Carlo Aragoncillo
Einstein Untold: Unsung Heroes and Unknown Stories

Easing Access to Care for Veterans With Traumatic Brain Injuries

By on 05/26/2023

One in an ongoing series

When 9/11 shattered our world, Carlo Aragoncillo knew exactly what he wanted to do with his life: he wanted to help keep this country safe from harm.

So Aragoncillo did something he thought he’d never do, given that his childhood was dislocated by his father’s transient life as a career Marine: he joined the military. He spent 11 years in the United States Army, including a one-year tour in Iraq.  

Aragoncillo is now Veterans Relations Director for the MossRehab Institute for Brain Health (MRIBH), which provides evaluation and treatment to veterans and first responders suffering from the aftermath of traumatic brain injury (TBI) or concussion.

“I spent a year in Al Anbar Province (Iraq), so I’ve had experience on both sides – on deployment and on the civilian side as well,” he says. “It gives me a unique perspective, working with folks who were on active duty or who were in the reserve.”

The MRIBH program welcomes veterans and first responders who served at any time, who were discharged under any circumstances, and who were injured anywhere. It’s a gesture of gratitude with no hierarchy of qualification for the folks who have defended our freedom and safety.

“This program is specifically for people who’ve taken off their uniform,” Aragoncillo says. “We cover the costs of transportation, lodging, meals and treatment.”

The program also provides education for families who may be mystified by their loved ones’ “invisible” wounds.

Aragoncillo’s job is to identify deserving veterans and first responders to be evaluated and treated for TBI in a three-week intensive outpatient program, at no cost to them. MossRehab is one of only 16 federally funded Traumatic Brain Injury Model Systems of Care in the United States, making it a center of excellence in the research and clinical care of TBI.

Traumatic brain injury affects nearly 1 in 3 military personnel deployed since 2001, according to reports. TBI and concussion – often called mild TBI – can cause physical, emotional, cognitive and behavioral symptoms.

It’s gratifying for Aragoncillo to be able to help veterans – because he once needed help himself.

After he left the military, Aragoncillo was haunted by demons he didn’t understand.

“It’s not that I was in combat or saw men die,” he says of his year in Iraq in charge of setting up a telecommunications infrastructure for the base. “But you’re in this foreign land and you have no idea what’s going on and you’re trying to keep your people safe.

“We had so many threats of incoming mortars, threats of the base being overrun; ISIS was three kilometers away from our site. There was this looming ambiguity. You have no idea of what’s going to happen next.”

Once he was discharged from the military, Aragoncillo, who has a master’s degree in criminal justice from Rutgers University, became Director of Veterans Affairs for the City of Philadelphia.

He buried himself in work, ignored his relationships and eventually began self-medicating. And he didn’t sleep.

“If you ask a veteran how they’re doing, they’ll say they’re ‘fine,’” Aragoncillo says. “But ask him how he sleeps, and you’ll know how he’s really doing.”
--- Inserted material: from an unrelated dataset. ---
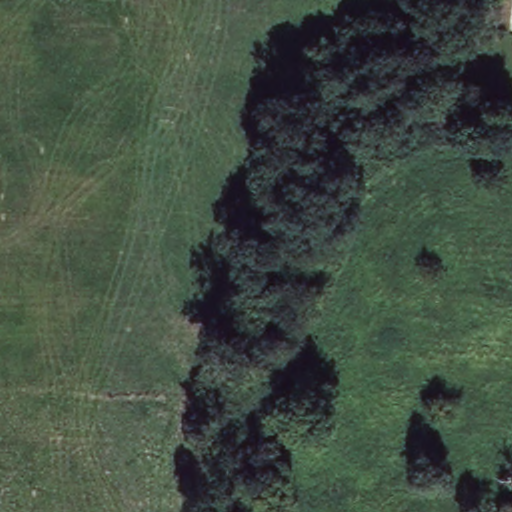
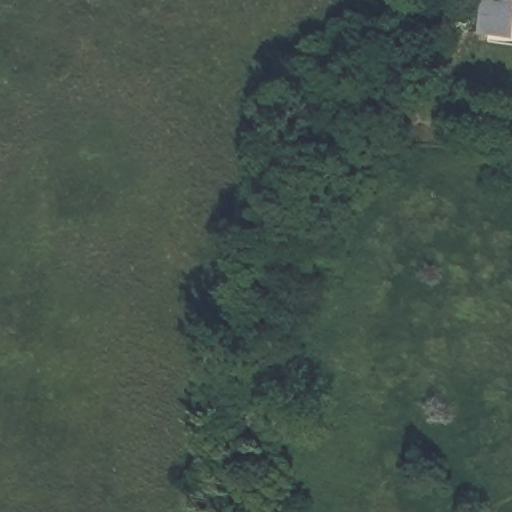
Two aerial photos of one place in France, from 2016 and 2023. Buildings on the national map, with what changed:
[]

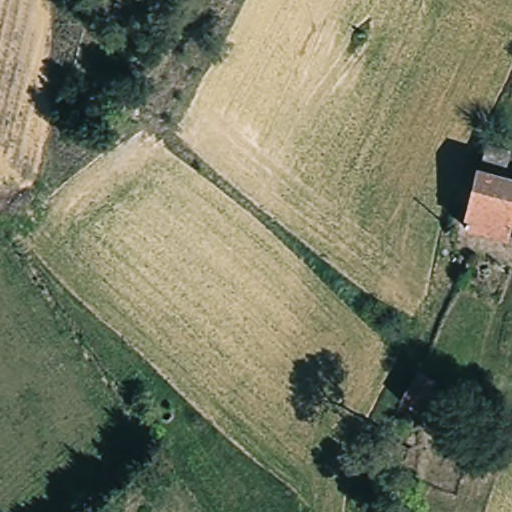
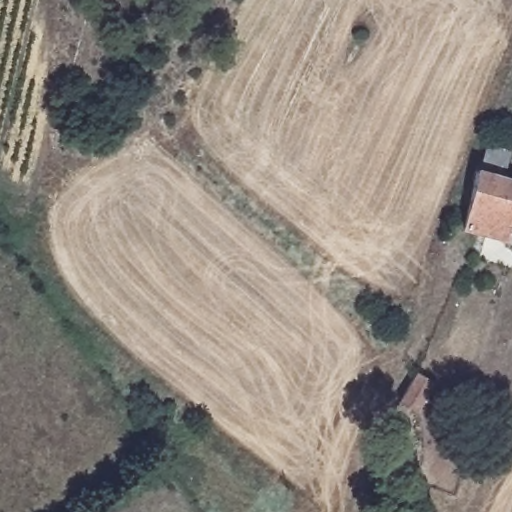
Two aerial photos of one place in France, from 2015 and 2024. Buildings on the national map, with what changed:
unchanged [(507,240),(460,226),(478,168),(486,142),(509,148),(502,174),(512,177),(512,222),(507,240)]
unchanged [(417,372),(433,383),(414,413),(398,403),(417,372)]

When COVID-19 struck, and the city shut down, Aragoncillo was quarantined at home with his wife and a newborn baby. There was nowhere to run.

“Like many others experienced, it was a real challenge,” he says. “But, having that time at home allowed me to think about my own transition and time in service.”

“I didn’t know I had PTSD.”

Calls to the Veterans Crisis Line led Aragoncillo to treatment through the Veterans Administration. “I got connected with a psychiatrist, with therapy and medication, and things have mostly resolved since then,” he says.

Aragoncillo says he sits in the first meeting at MRIBH with a new patient, while a team of practitioners evaluates him or her to determine the treatment plan.  

“I’ve been told my presence in the room is vitally important,” Aragoncillo says. “It helps reduce their anxiety – because I’m one of their own.”